These plants flower in response to shorter daylight hours. Flowering also is related to nighttime temperatures. Ideal temperature range for flower bud development is between 55 and 60 degrees for a period of six weeks. As long as the temperatures remain in this range, plants will develop buds regardless of daylight hours. To achieve short-daylight induced blooming, place plants in a room that does not have any artificial light source such as lamps. The plants should receive no more than 8-11 hours of light. Plants also can be forced into re-blooming each year by using timers to control a shorter light exposure.

During flower bud formation, stop fertilizing and only water enough to keep the leaves from becoming shriveled. Sometimes

my plants reward me with a few more blooms again in March or April. My personal observation is that keeping them on the dry side after flowering is a sort of rest period that, when followed by fertilization, invigorates them into blooming again. If one wishes to force blooms any other time of the year, all that is required is to keep the plants cooler and in the dark for 13-16 hours for about four weeks.

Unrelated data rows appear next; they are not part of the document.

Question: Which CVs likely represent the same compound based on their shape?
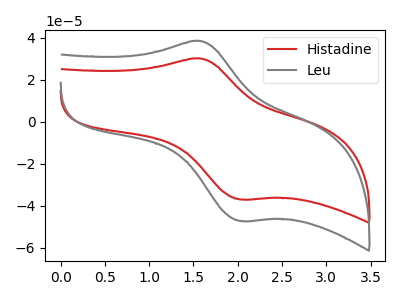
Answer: <think>The red curve "Histadine" has an anodic peak at (1.60V, 30.05uA) and a cathodic peak at (2.05V, -37.00uA). The gray curve "Leu" has an anodic peak at (1.60V, 38.35uA) and a cathodic peak at (2.05V, -47.30uA).
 All the peaks in "Histadine" have a peak in "Leu" at the same potential. Every peak in "Histadine" is lower than every peak in "Leu".</think>
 <answer>"Leu" and "Histadine" have the same shape and are likely CV's of the same chemical.</answer>
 <eval>"Leu" "Histadine"</eval>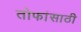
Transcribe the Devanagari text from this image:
तोफांसाठी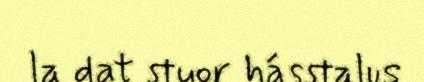
la dat stuor hásstalus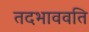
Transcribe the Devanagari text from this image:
तदभाववति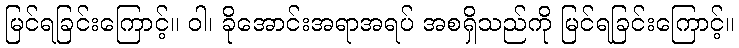
မြင်ရခြင်းကြောင့်။ ဝါ၊ ခိုအောင်းအရာအရပ် အစရှိသည်ကို မြင်ရခြင်းကြောင့်။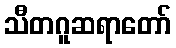
သီတဂူဆရာတော်
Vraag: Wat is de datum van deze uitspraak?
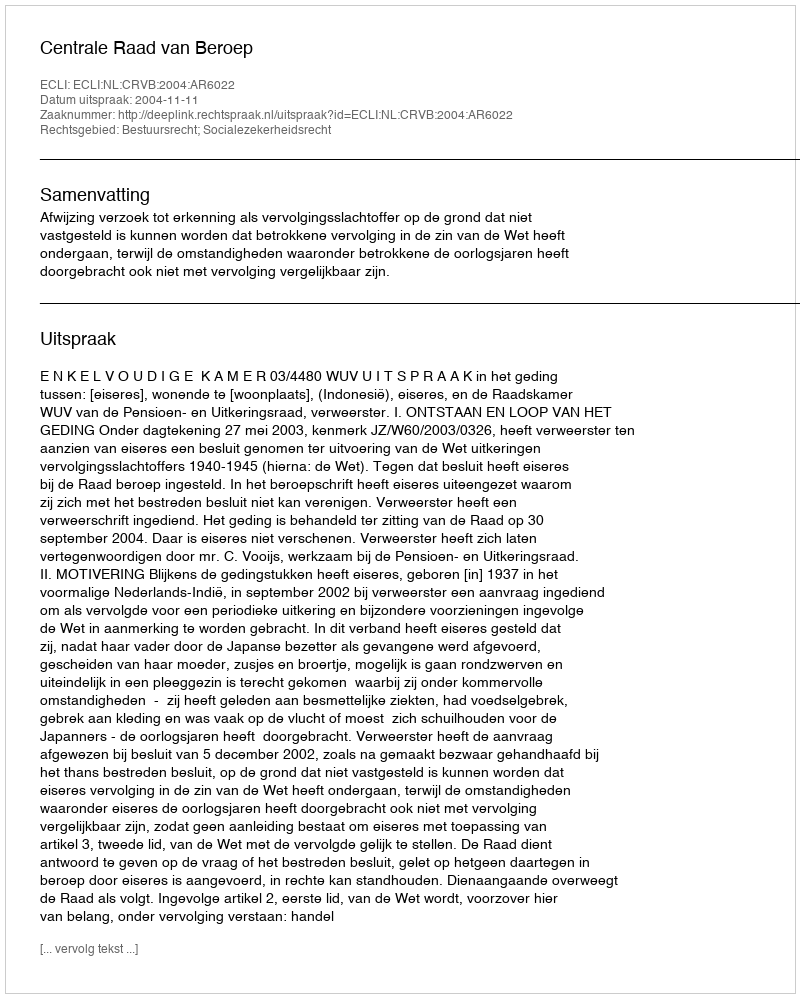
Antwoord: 2004-11-11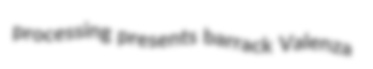
processing presents barrack Valenza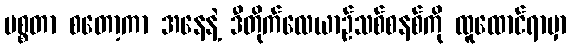
မစ္စတာ စတော့ကာ အနေနဲ့ ဒီတိုက်လေယာဉ်သစ်စနစ်ကို ထူထောင်ရာမှာ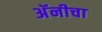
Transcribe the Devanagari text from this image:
अॅनीचा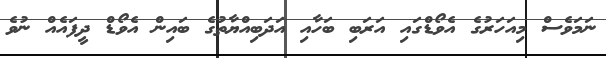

One of the most frustrating things that can happen is to have flower buds drop off the plant before they bloom. Several different conditions, usually over-watering, insufficient light, or relocating the plant during early bud development can cause bud drop. Years ago I discovered that moving a plant led to the buds "turning" toward the light source and then falling off! Now I leave them alone until the buds are well developed and nearly in bloom before I relocate for viewing enjoyment. I should warn you that any newly purchased plant in bud will most likely drop some buds at home due to the abrupt light source change. Drafts and temperature extremes also can cause buds to drop.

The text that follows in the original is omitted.